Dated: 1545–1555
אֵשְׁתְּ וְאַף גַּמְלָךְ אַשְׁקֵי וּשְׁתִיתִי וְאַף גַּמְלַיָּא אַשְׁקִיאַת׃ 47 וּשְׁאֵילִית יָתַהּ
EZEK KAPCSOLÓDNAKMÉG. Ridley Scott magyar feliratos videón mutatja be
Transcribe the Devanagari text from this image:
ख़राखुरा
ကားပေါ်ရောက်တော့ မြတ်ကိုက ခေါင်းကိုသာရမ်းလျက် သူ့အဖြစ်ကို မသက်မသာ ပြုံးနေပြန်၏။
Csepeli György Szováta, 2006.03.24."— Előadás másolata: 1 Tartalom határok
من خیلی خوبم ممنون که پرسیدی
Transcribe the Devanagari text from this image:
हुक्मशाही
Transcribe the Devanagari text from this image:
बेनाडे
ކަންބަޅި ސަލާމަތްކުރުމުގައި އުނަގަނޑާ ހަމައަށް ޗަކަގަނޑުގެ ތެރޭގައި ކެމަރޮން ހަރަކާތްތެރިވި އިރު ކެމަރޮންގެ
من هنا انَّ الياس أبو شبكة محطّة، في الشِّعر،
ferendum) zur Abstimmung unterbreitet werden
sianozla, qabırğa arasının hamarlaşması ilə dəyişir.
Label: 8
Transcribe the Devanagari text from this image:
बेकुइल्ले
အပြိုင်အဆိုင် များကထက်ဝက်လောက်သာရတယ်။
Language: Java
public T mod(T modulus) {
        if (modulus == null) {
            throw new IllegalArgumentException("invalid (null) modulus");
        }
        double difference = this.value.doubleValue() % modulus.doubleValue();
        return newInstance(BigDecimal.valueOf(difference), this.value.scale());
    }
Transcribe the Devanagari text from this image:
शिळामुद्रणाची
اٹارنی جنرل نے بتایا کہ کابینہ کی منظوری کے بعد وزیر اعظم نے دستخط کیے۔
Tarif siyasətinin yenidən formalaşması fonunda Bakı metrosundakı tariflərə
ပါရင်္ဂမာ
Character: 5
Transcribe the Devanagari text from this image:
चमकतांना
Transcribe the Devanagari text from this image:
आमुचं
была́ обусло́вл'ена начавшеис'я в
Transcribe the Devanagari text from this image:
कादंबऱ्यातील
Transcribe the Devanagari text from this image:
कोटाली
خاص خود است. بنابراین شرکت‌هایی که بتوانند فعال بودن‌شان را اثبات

_WHAT YOU HAVE TO DO_
The response should reproduce every entry above exactly.

_THE ANSWER_
Dated: 1545–1555
אֵשְׁתְּ וְאַף גַּמְלָךְ אַשְׁקֵי וּשְׁתִיתִי וְאַף גַּמְלַיָּא אַשְׁקִיאַת׃ 47 וּשְׁאֵילִית יָתַהּ
EZEK KAPCSOLÓDNAKMÉG. Ridley Scott magyar feliratos videón mutatja be
Transcribe the Devanagari text from this image:
ख़राखुरा
ကားပေါ်ရောက်တော့ မြတ်ကိုက ခေါင်းကိုသာရမ်းလျက် သူ့အဖြစ်ကို မသက်မသာ ပြုံးနေပြန်၏။
Csepeli György Szováta, 2006.03.24."— Előadás másolata: 1 Tartalom határok
من خیلی خوبم ممنون که پرسیدی
Transcribe the Devanagari text from this image:
हुक्मशाही
Transcribe the Devanagari text from this image:
बेनाडे
ކަންބަޅި ސަލާމަތްކުރުމުގައި އުނަގަނޑާ ހަމައަށް ޗަކަގަނޑުގެ ތެރޭގައި ކެމަރޮން ހަރަކާތްތެރިވި އިރު ކެމަރޮންގެ
من هنا انَّ الياس أبو شبكة محطّة، في الشِّعر،
ferendum) zur Abstimmung unterbreitet werden
sianozla, qabırğa arasının hamarlaşması ilə dəyişir.
Label: 8
Transcribe the Devanagari text from this image:
बेकुइल्ले
အပြိုင်အဆိုင် များကထက်ဝက်လောက်သာရတယ်။
Language: Java
public T mod(T modulus) {
        if (modulus == null) {
            throw new IllegalArgumentException("invalid (null) modulus");
        }
        double difference = this.value.doubleValue() % modulus.doubleValue();
        return newInstance(BigDecimal.valueOf(difference), this.value.scale());
    }
Transcribe the Devanagari text from this image:
शिळामुद्रणाची
اٹارنی جنرل نے بتایا کہ کابینہ کی منظوری کے بعد وزیر اعظم نے دستخط کیے۔
Tarif siyasətinin yenidən formalaşması fonunda Bakı metrosundakı tariflərə
ပါရင်္ဂမာ
Character: 5
Transcribe the Devanagari text from this image:
चमकतांना
Transcribe the Devanagari text from this image:
आमुचं
была́ обусло́вл'ена начавшеис'я в
Transcribe the Devanagari text from this image:
कादंबऱ्यातील
Transcribe the Devanagari text from this image:
कोटाली
خاص خود است. بنابراین شرکت‌هایی که بتوانند فعال بودن‌شان را اثبات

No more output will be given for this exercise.